• [WORK REQUEST] Give the entries again exactly, without pictures.

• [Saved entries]
┌──
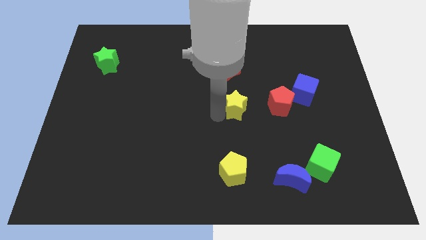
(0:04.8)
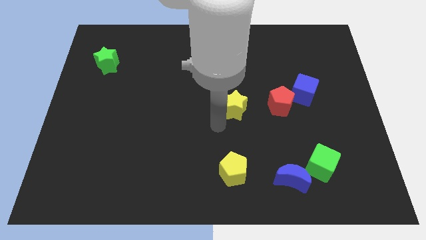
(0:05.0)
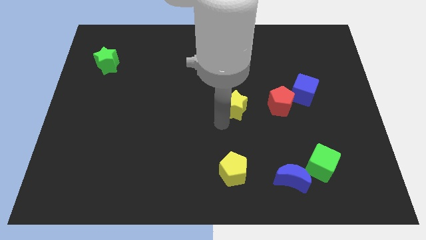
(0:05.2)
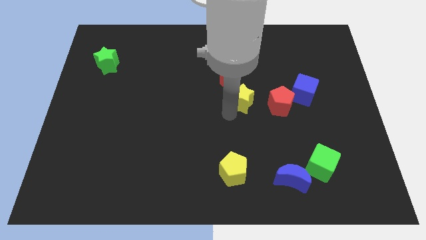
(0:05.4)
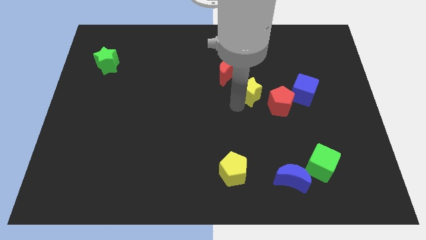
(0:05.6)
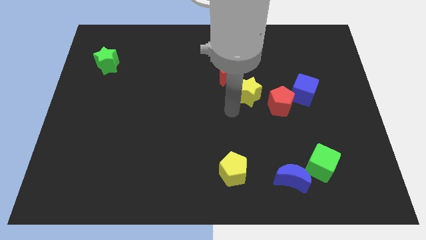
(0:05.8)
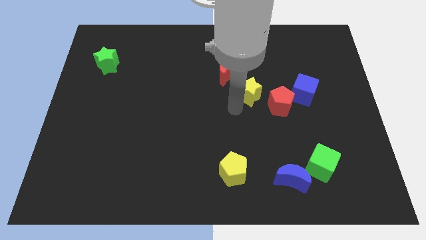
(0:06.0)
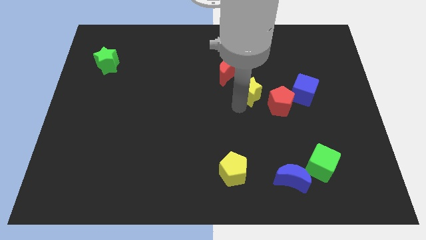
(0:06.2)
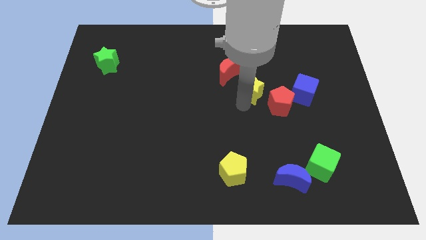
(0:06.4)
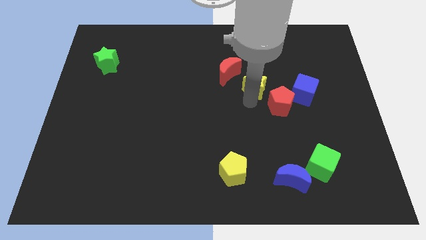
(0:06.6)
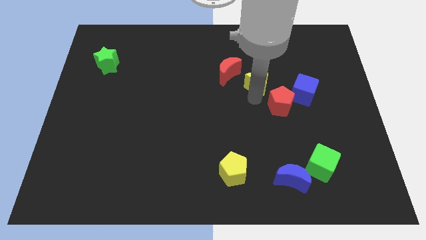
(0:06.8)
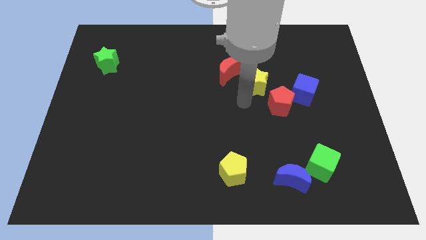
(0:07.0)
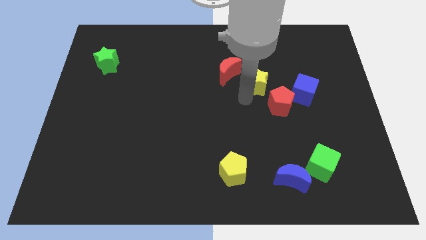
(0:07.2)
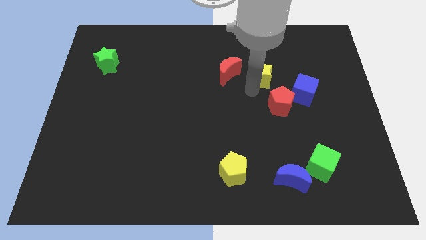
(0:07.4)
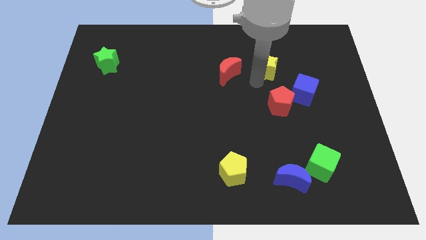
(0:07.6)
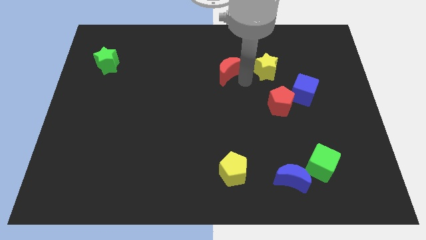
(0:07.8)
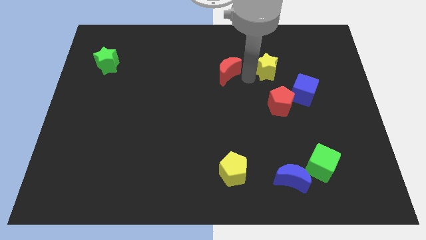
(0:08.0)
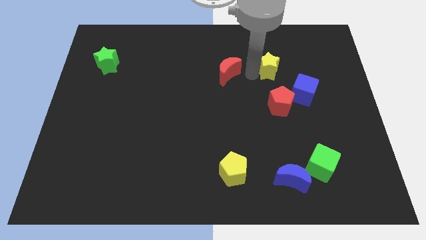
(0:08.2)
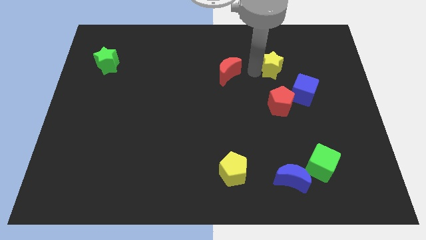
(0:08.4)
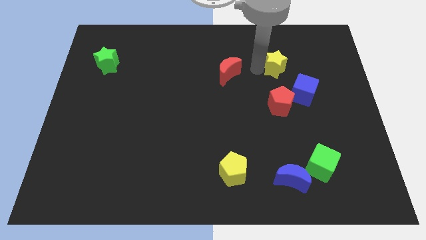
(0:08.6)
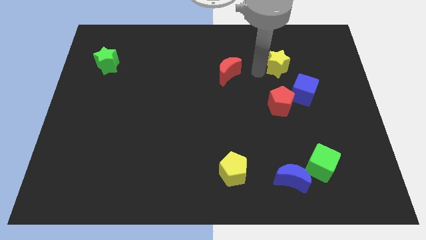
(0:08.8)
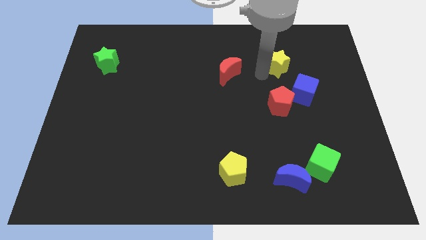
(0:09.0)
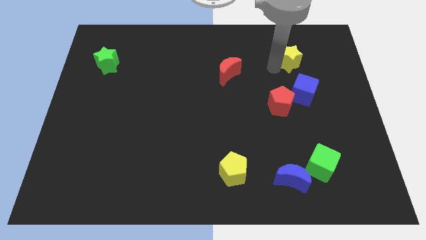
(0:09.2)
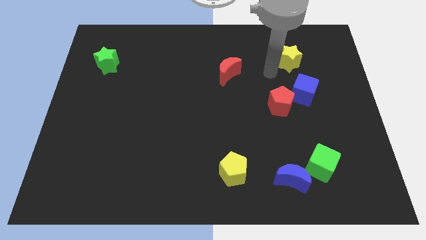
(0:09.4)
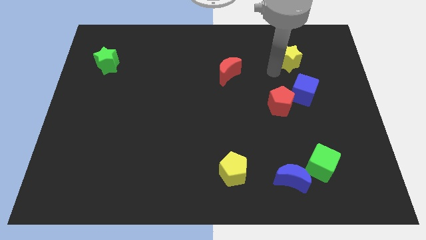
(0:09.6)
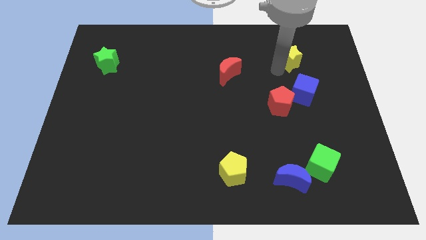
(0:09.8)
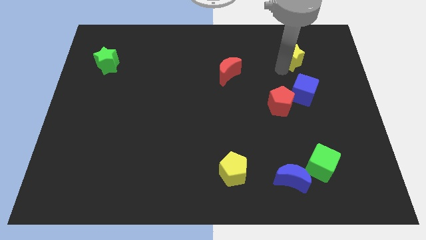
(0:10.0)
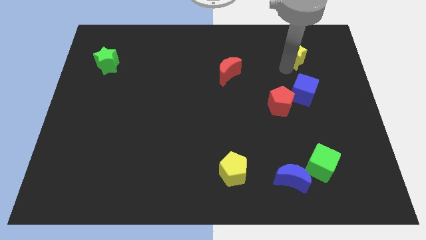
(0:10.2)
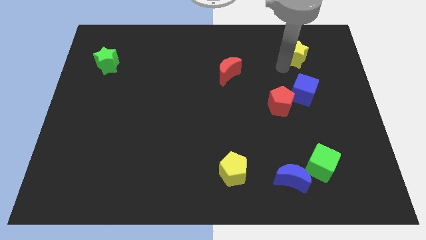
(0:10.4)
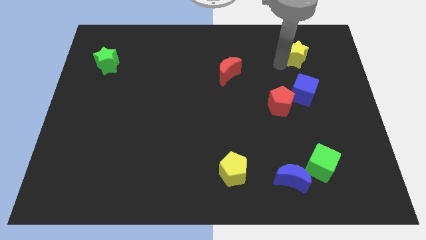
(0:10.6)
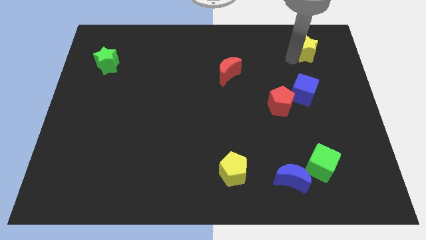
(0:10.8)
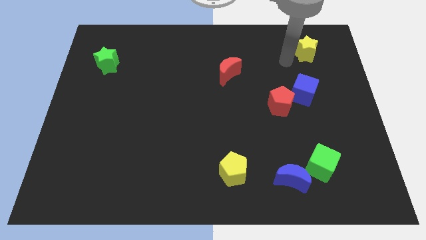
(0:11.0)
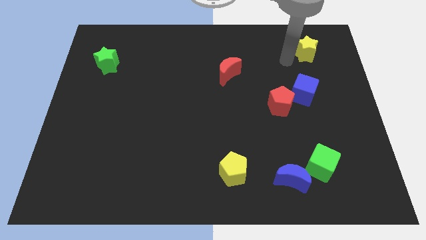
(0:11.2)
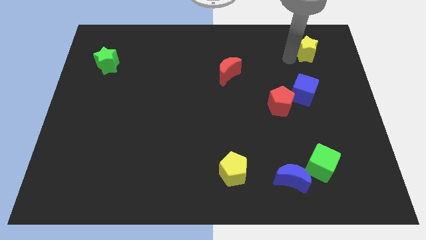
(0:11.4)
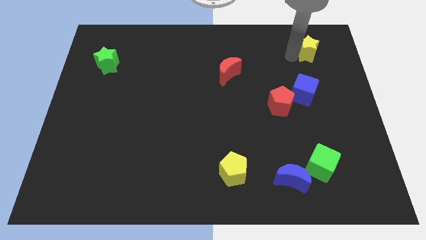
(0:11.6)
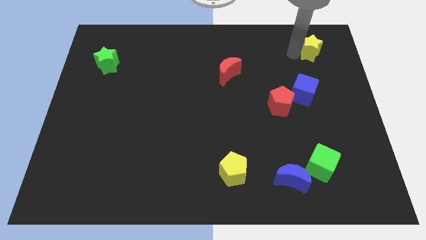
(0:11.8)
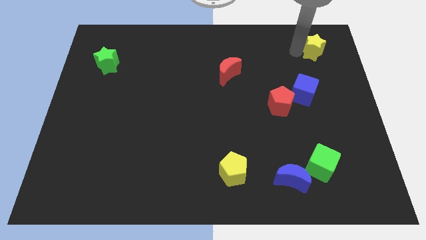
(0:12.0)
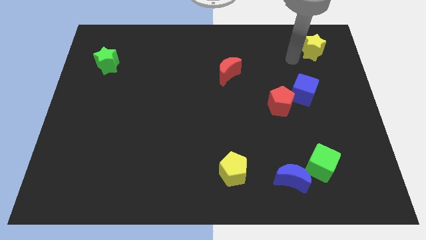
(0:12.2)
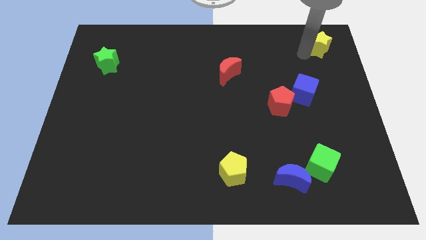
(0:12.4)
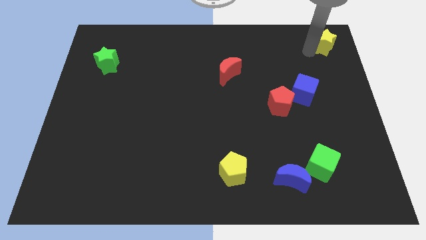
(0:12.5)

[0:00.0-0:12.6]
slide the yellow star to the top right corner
└──
• [ANSWER TO THE PROBLEM]
(0:04.8)
(0:05.0)
(0:05.2)
(0:05.4)
(0:05.6)
(0:05.8)
(0:06.0)
(0:06.2)
(0:06.4)
(0:06.6)
(0:06.8)
(0:07.0)
(0:07.2)
(0:07.4)
(0:07.6)
(0:07.8)
(0:08.0)
(0:08.2)
(0:08.4)
(0:08.6)
(0:08.8)
(0:09.0)
(0:09.2)
(0:09.4)
(0:09.6)
(0:09.8)
(0:10.0)
(0:10.2)
(0:10.4)
(0:10.6)
(0:10.8)
(0:11.0)
(0:11.2)
(0:11.4)
(0:11.6)
(0:11.8)
(0:12.0)
(0:12.2)
(0:12.4)
(0:12.5)

[0:00.0-0:12.6]
slide the yellow star to the top right corner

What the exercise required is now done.